The pattern of rise, peak and decline evident in total immigration flows coincides closely with a similar pattern in the performance of the U.S. economy, and the correlation is particularly strong with the flow from Mexico. During the period of increased migration prior to the peak, U.S. employment increased by 1.59 million in 1993, the first full year of recovery after the 1991 recession; even greater increases in U.S. employment followed and 1.85 million jobs were added in 1998. The annual number of migrants coming from Mexico increased from about 332,000 to 507,000 over the same period. (See Detailed Table 5a.) In 2000, both the U.S. expansion and the growth of Mexican migration reached a peak. That year the U.S. economy added nearly 3.4 million jobs and migration from Mexico crested at an estimated 530,000 new arrivals. In the decline phase, the U.S. economy lost 415,000 jobs in 2002 and, while migration from Mexico continued, it dropped to 378,000.

As the U.S. economy regained momentum in 2003 and 2004, the pace of Mexican migration picked up also. Detailed studies of the U.S. labor market during this recovery phase show that there has been heightened demand for low-skilled, low-wage workers largely because the construction industry has been responsible for much of the new job creation while other sectors such as manufacturing have continued to contract (Kochhar 2004 and 2005). Recently arrived Hispanic immigrants have constituted a disproportionate share of the new workers hired into the construction industry, according to these studies.

The annual flow of migrants from Mexico over the 1992–2004 period appears to be more closely correlated to macrotrends in the U.S. economy than in the Mexican economy. Of the variables we examine, changes in the rate of U.S. employment correlate most strongly, at 0.90. (See Detailed Table 5a and Figure 6.) Other U.S. economic variables have correlations of 0.40– 0.50 whereas the correlations for Mexican macroeconomic indicators vary from about -0.23 to – 0.30. (See Detailed Tables 5a-5b.) These patterns suggest that during this period the “pull” factors have been somewhat more powerful than the “push” factors in determining short-term migration levels.

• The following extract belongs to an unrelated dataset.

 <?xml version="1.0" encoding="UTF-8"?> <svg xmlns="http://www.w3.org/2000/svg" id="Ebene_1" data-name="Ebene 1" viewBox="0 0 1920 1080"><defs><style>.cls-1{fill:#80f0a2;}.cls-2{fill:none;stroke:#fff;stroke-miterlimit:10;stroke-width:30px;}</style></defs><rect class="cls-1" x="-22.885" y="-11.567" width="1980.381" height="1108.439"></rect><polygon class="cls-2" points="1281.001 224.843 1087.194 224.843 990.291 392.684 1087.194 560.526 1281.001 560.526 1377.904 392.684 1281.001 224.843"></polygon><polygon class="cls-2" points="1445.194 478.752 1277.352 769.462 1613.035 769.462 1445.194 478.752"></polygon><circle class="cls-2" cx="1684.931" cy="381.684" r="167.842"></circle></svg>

The Mexican economy underwent a severe crisis in 1995 that produced a dramatic 6.2% drop in the country’s gross domestic product (GDP) that year (Detailed Table 5b). By the time migration levels peaked in 1999 and 2000, the Mexican economy was in a full-blown expansion phase, registering 6.6% GDP growth in 2000. Although the economy recovered quickly, the migration impact of a sharp downturn can stretch out as discouragement gradually produces decisions to seek work in another country. Moreover, the expansion’s impact on migration was somewhat muted because productivity gains in Mexico outpaced job creation. As a result, even when it was growing robustly at the end of the decade, the Mexican economy was not generating enough jobs to absorb all new entrants to the labor market. Following 2001, the Mexican economy experienced a downturn in sync with the U.S. economy. Indeed, with much of its economy linked to the U.S. market under the North American Free Trade Agreement, Mexico’s business cycle now very clearly mirrors trends in the U.S. economy.

Macro-economic trends alone do not determine migration flows. A variety of other factors also influence the number of people moving from one place to another, and these can include everything from border controls in a receiving country to agricultural support policies in a sending country. An overarching factor is the operation of family networks that link migrants to relatives left behind. These networks can greatly facilitate new migration by providing access to housing, information about work opportunities and the comfort of familiar faces in a new land. The annual migration flows to the United States, particularly those from Mexico, suggest that all of these factors, especially family networks, combine to create the conditions for the high and increasing levels of immigration recorded for more than two decades. Specific economic circumstances such as the U.S. boom of the late 1990s and the subsequent downturn can then provide the stimuli for specific and contained fluctuations in migration levels of the sort described here.